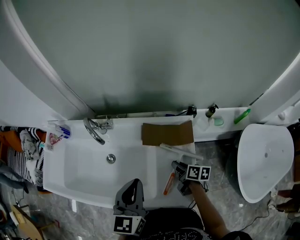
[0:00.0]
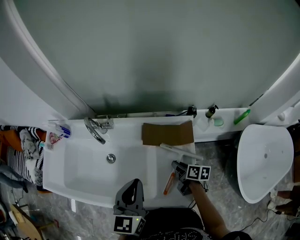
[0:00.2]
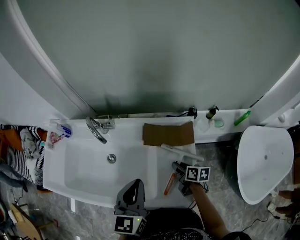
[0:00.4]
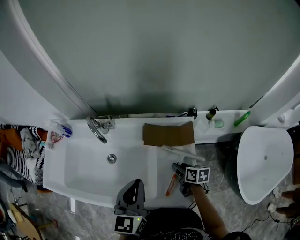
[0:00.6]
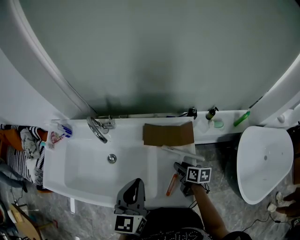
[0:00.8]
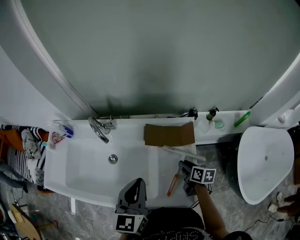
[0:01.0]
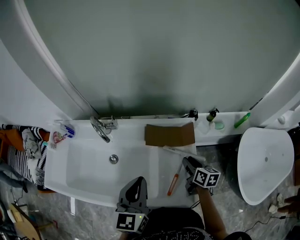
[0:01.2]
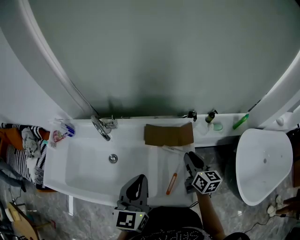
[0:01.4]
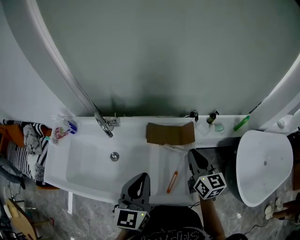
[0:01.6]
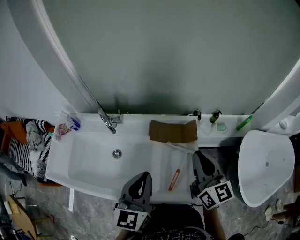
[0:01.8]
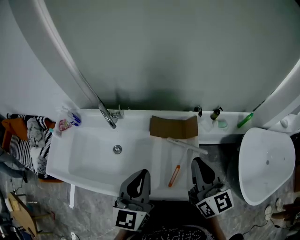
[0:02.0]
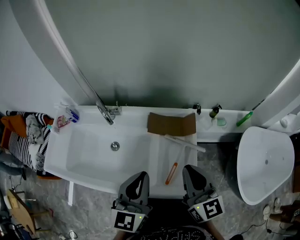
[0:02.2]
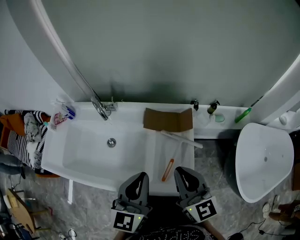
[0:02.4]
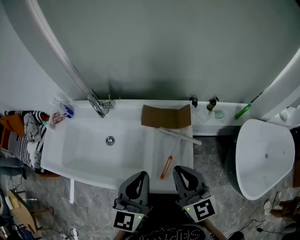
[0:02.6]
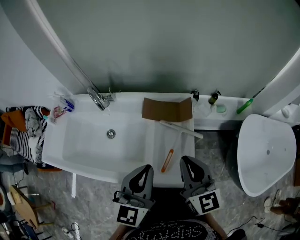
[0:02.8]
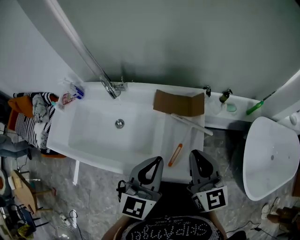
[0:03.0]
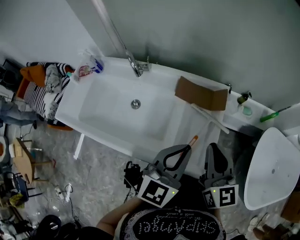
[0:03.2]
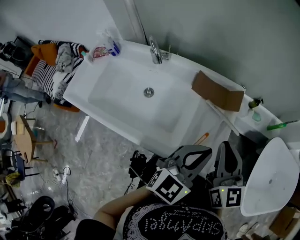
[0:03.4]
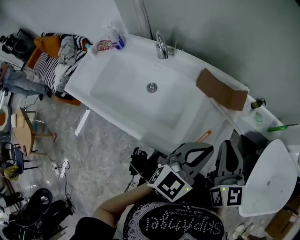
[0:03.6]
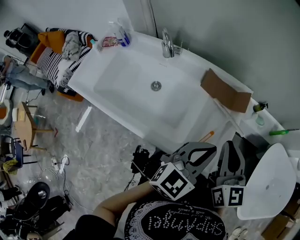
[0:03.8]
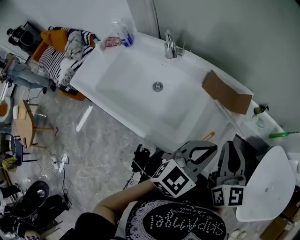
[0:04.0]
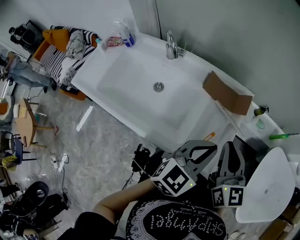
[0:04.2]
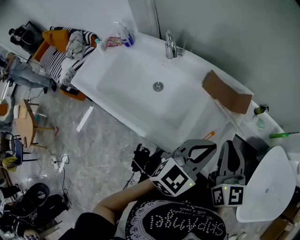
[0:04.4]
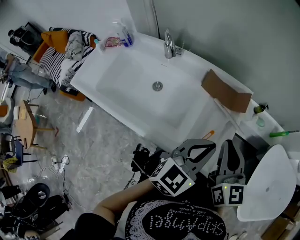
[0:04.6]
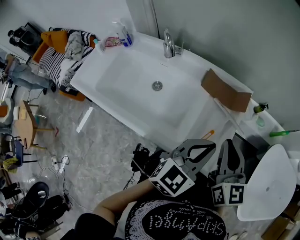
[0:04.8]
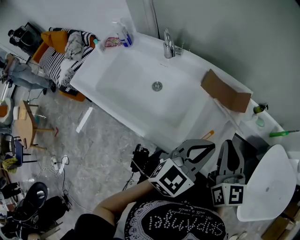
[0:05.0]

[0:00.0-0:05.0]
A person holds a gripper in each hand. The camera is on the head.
0.0 to 1.6 s: The right gripper is displaced upward by about 20 cm, and changes its angle by about 50 degrees.
1.6 to 3.4 s: The right gripper heads backward, covering some 10 cm, while the left gripper moves to the right and backward, roughly 15 cm.
3.4 to 5.0 s: The grippers make only small movements.

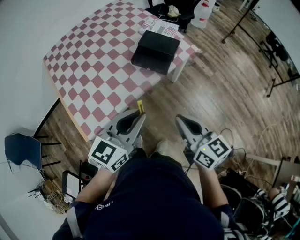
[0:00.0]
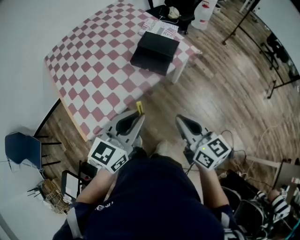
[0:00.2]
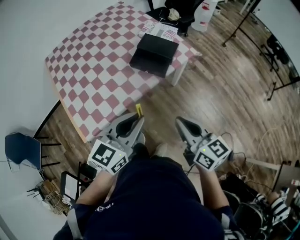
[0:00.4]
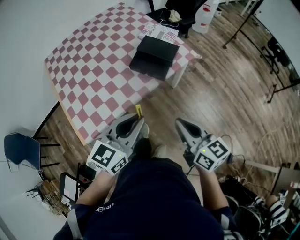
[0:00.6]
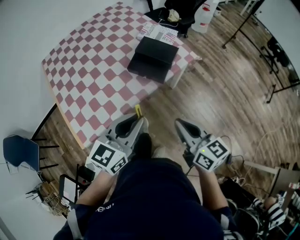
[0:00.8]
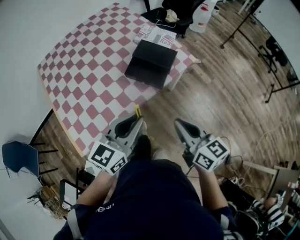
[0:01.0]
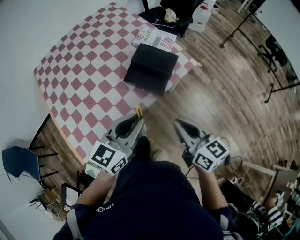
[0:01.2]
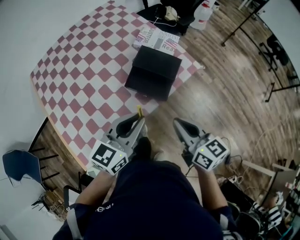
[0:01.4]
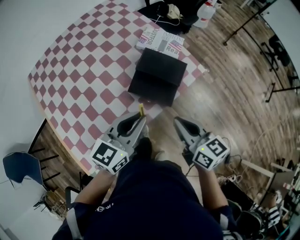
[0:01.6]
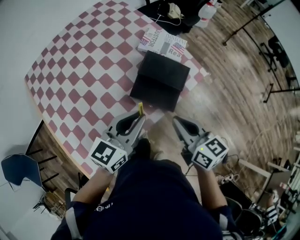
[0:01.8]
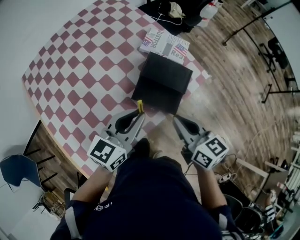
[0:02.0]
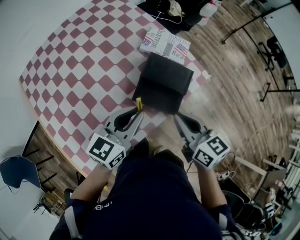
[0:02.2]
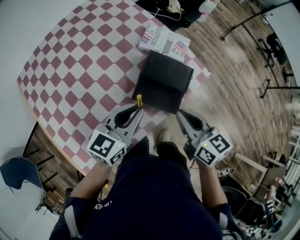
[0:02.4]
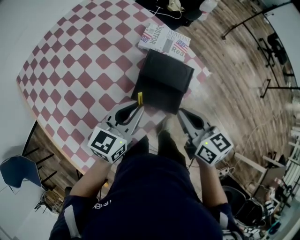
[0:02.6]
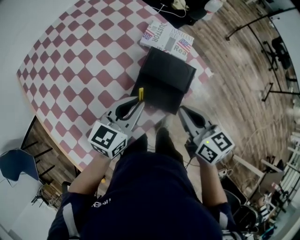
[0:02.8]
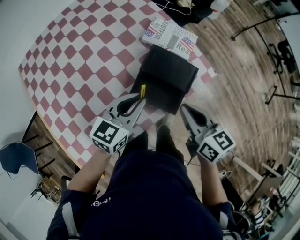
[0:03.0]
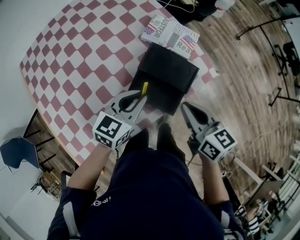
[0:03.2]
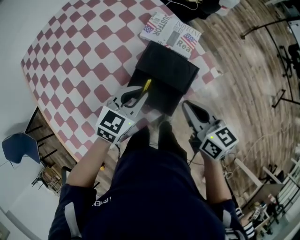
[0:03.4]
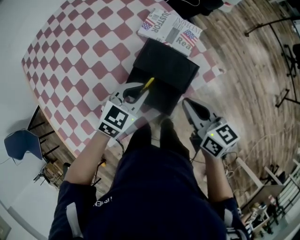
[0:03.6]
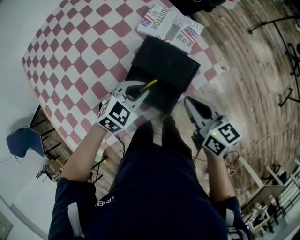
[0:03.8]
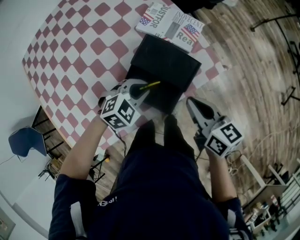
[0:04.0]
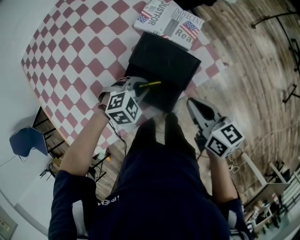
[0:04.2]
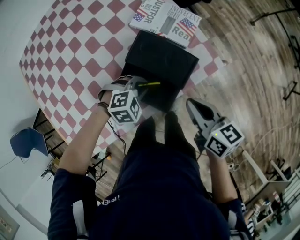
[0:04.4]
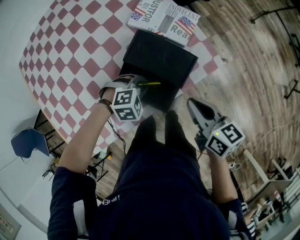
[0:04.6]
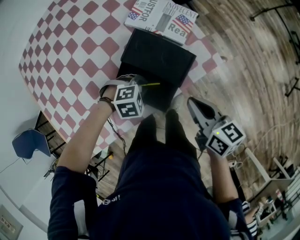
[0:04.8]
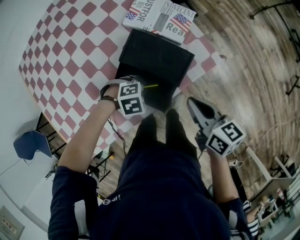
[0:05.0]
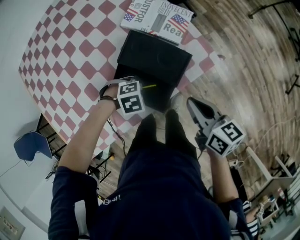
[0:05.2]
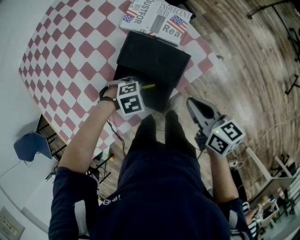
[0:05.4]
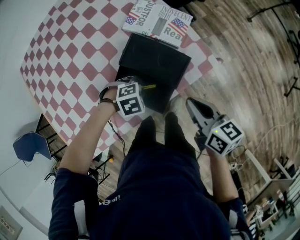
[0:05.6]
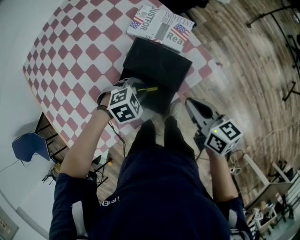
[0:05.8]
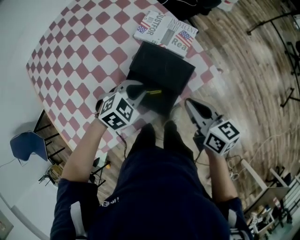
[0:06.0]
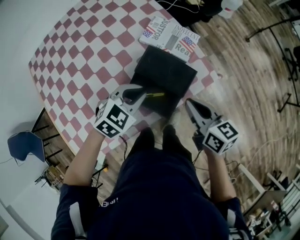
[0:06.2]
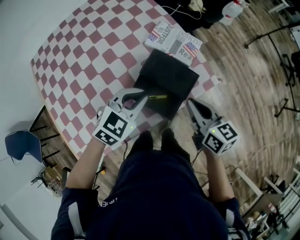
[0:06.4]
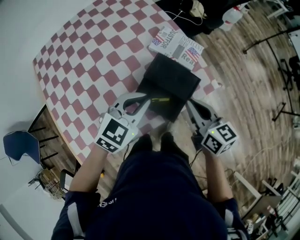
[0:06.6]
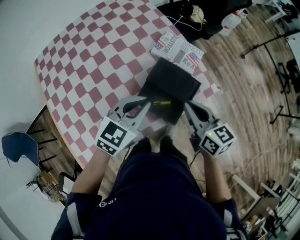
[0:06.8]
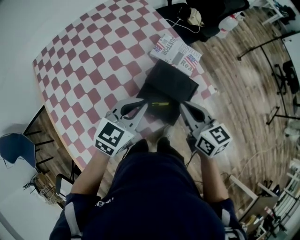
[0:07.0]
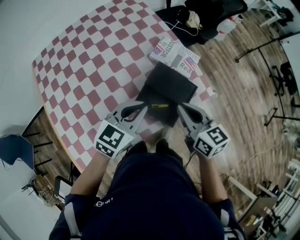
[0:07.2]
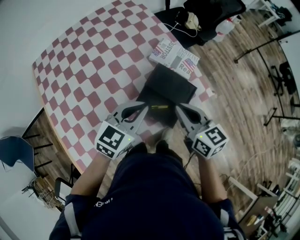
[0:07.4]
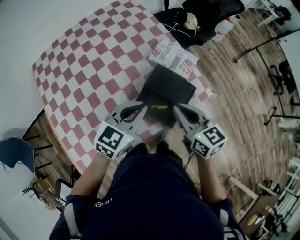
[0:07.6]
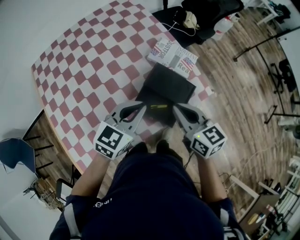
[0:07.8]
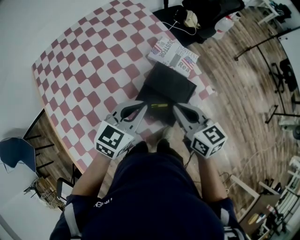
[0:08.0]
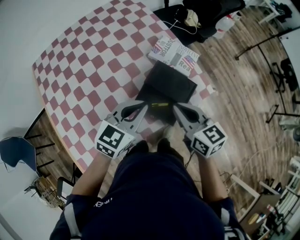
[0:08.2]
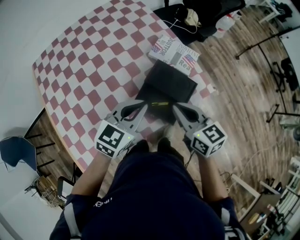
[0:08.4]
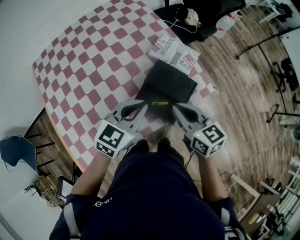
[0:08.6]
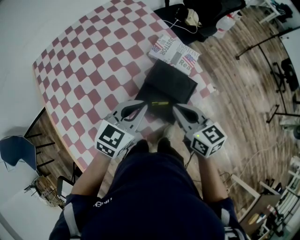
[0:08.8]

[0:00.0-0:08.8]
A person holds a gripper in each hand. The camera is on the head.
0.0 to 1.4 s: Both grippers move forward, about 20 cm.
1.4 to 3.0 s: The left gripper is displaced forward and downward by about 20 cm. The right gripper moves forward, some 15 cm.
3.0 to 4.4 s: The left gripper moves downward, some 20 cm, and tilts its fingers about 40 degrees downward. The right gripper goes some 10 cm downward and to the right.
5.8 to 7.4 s: The left gripper heads upward, covering some 20 cm, tilts its fingers approximately 50 degrees upward, and closes up; the right gripper heads to the left and upward, covering some 15 cm.
7.4 to 8.8 s: The grippers make only small movements.
========
**What you will do**
A verbatim printout of the entries above is expected, free of pictures.

**Solution to this problem**
[0:00.0]
[0:00.2]
[0:00.4]
[0:00.6]
[0:00.8]
[0:01.0]
[0:01.2]
[0:01.4]
[0:01.6]
[0:01.8]
[0:02.0]
[0:02.2]
[0:02.4]
[0:02.6]
[0:02.8]
[0:03.0]
[0:03.2]
[0:03.4]
[0:03.6]
[0:03.8]
[0:04.0]
[0:04.2]
[0:04.4]
[0:04.6]
[0:04.8]
[0:05.0]

[0:00.0-0:05.0]
A person holds a gripper in each hand. The camera is on the head.
0.0 to 1.6 s: The right gripper is displaced upward by about 20 cm, and changes its angle by about 50 degrees.
1.6 to 3.4 s: The right gripper heads backward, covering some 10 cm, while the left gripper moves to the right and backward, roughly 15 cm.
3.4 to 5.0 s: The grippers make only small movements.

[0:00.0]
[0:00.2]
[0:00.4]
[0:00.6]
[0:00.8]
[0:01.0]
[0:01.2]
[0:01.4]
[0:01.6]
[0:01.8]
[0:02.0]
[0:02.2]
[0:02.4]
[0:02.6]
[0:02.8]
[0:03.0]
[0:03.2]
[0:03.4]
[0:03.6]
[0:03.8]
[0:04.0]
[0:04.2]
[0:04.4]
[0:04.6]
[0:04.8]
[0:05.0]
[0:05.2]
[0:05.4]
[0:05.6]
[0:05.8]
[0:06.0]
[0:06.2]
[0:06.4]
[0:06.6]
[0:06.8]
[0:07.0]
[0:07.2]
[0:07.4]
[0:07.6]
[0:07.8]
[0:08.0]
[0:08.2]
[0:08.4]
[0:08.6]
[0:08.8]

[0:00.0-0:08.8]
A person holds a gripper in each hand. The camera is on the head.
0.0 to 1.4 s: Both grippers move forward, about 20 cm.
1.4 to 3.0 s: The left gripper is displaced forward and downward by about 20 cm. The right gripper moves forward, some 15 cm.
3.0 to 4.4 s: The left gripper moves downward, some 20 cm, and tilts its fingers about 40 degrees downward. The right gripper goes some 10 cm downward and to the right.
5.8 to 7.4 s: The left gripper heads upward, covering some 20 cm, tilts its fingers approximately 50 degrees upward, and closes up; the right gripper heads to the left and upward, covering some 15 cm.
7.4 to 8.8 s: The grippers make only small movements.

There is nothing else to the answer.